Today’s consumers demand interconnectedness. Our technology, which we use essentially as an extension of ourselves, feeds this sense of interconnectedness as it translates our interactions with the world into flows of information. This information is then used and shared to build a network of intersecting flows of information, giving our interactions with our world and our peers space online. In recent years we have seen a flood of wearable tech devices including fitness bands. These bands offer a window into personal data by tracking movement, sleeping habits, and diet, serving as an extension of our “self” and creating a flow of information based on our body’s interaction with the world. Over the last five years, masterminds Hosain Rahman and Yves Behar of Jawbone have worked together to create tech products that facilitate this sense of interconnectedness, notably the UP band. The UP band is a device that wears like a bracelet but has the capabilities of monitoring an individual’s every move. From understanding sleep patterns to calculating daily steps, the band provides daily insights on the lifestyle of the user. The UP wristband provides wearers with valuable data regarding their bodies and lifestyles, allowing individuals to make detailed, informed decisions and thereby empowering users to take charge of their own health.

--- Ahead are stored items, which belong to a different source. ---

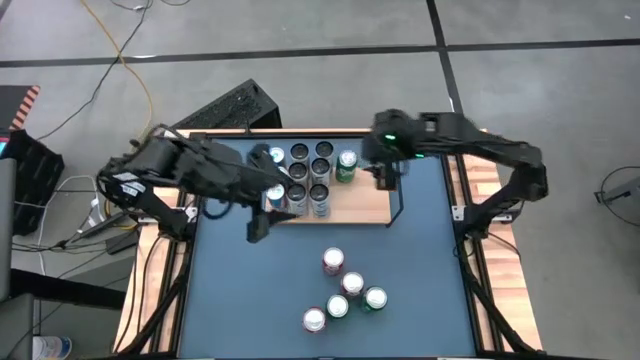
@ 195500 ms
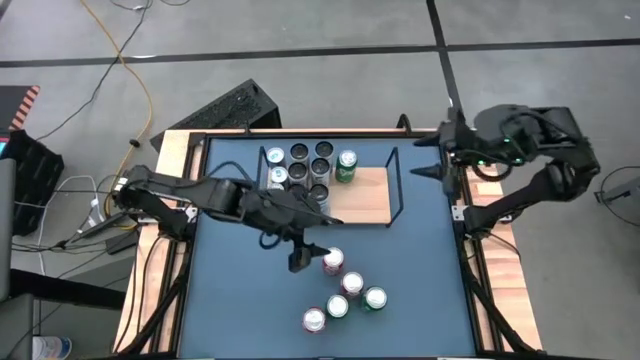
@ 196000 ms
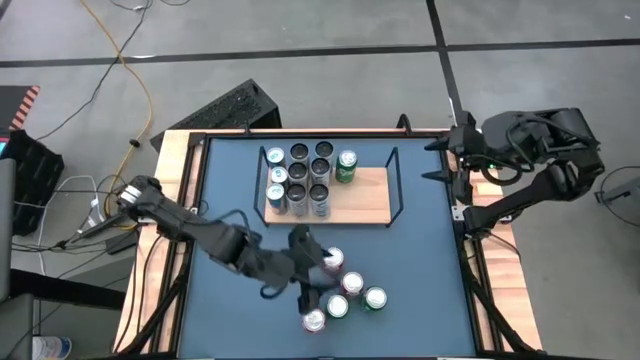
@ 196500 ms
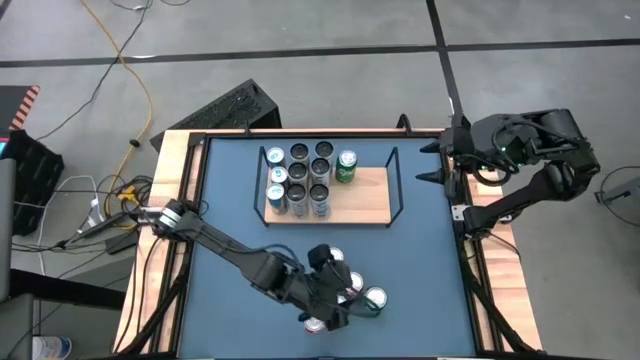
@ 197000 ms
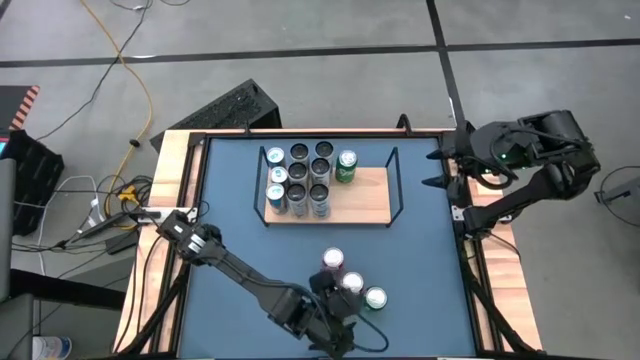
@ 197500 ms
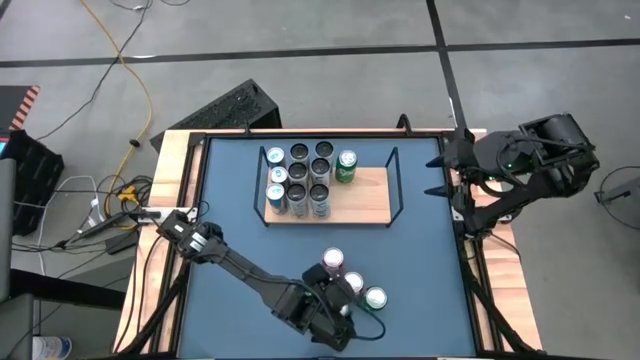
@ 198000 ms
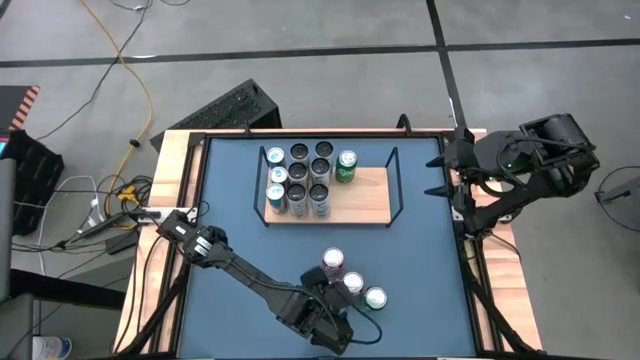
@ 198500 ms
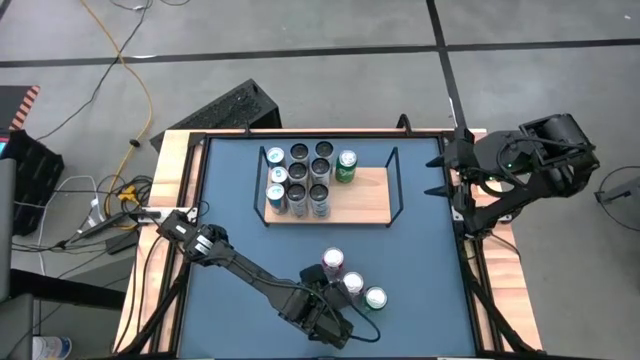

Humans have a long history of tracking their vital functions using technology. In the early 1800’s, Thomas Jefferson is rumored to have invented a mechanical device for counting an individual’s steps, now known as a pedometer. At the end of the 19th century, inventor Scipione Riva-Rocci created an early prototype for an analog sphygmomanometer, a device which measures the wearer’s blood pressure. Almost a hundred years later, Polar USA released the Polar PE 2000 heart rate monitor, revolutionizing the way individuals track their heart rate.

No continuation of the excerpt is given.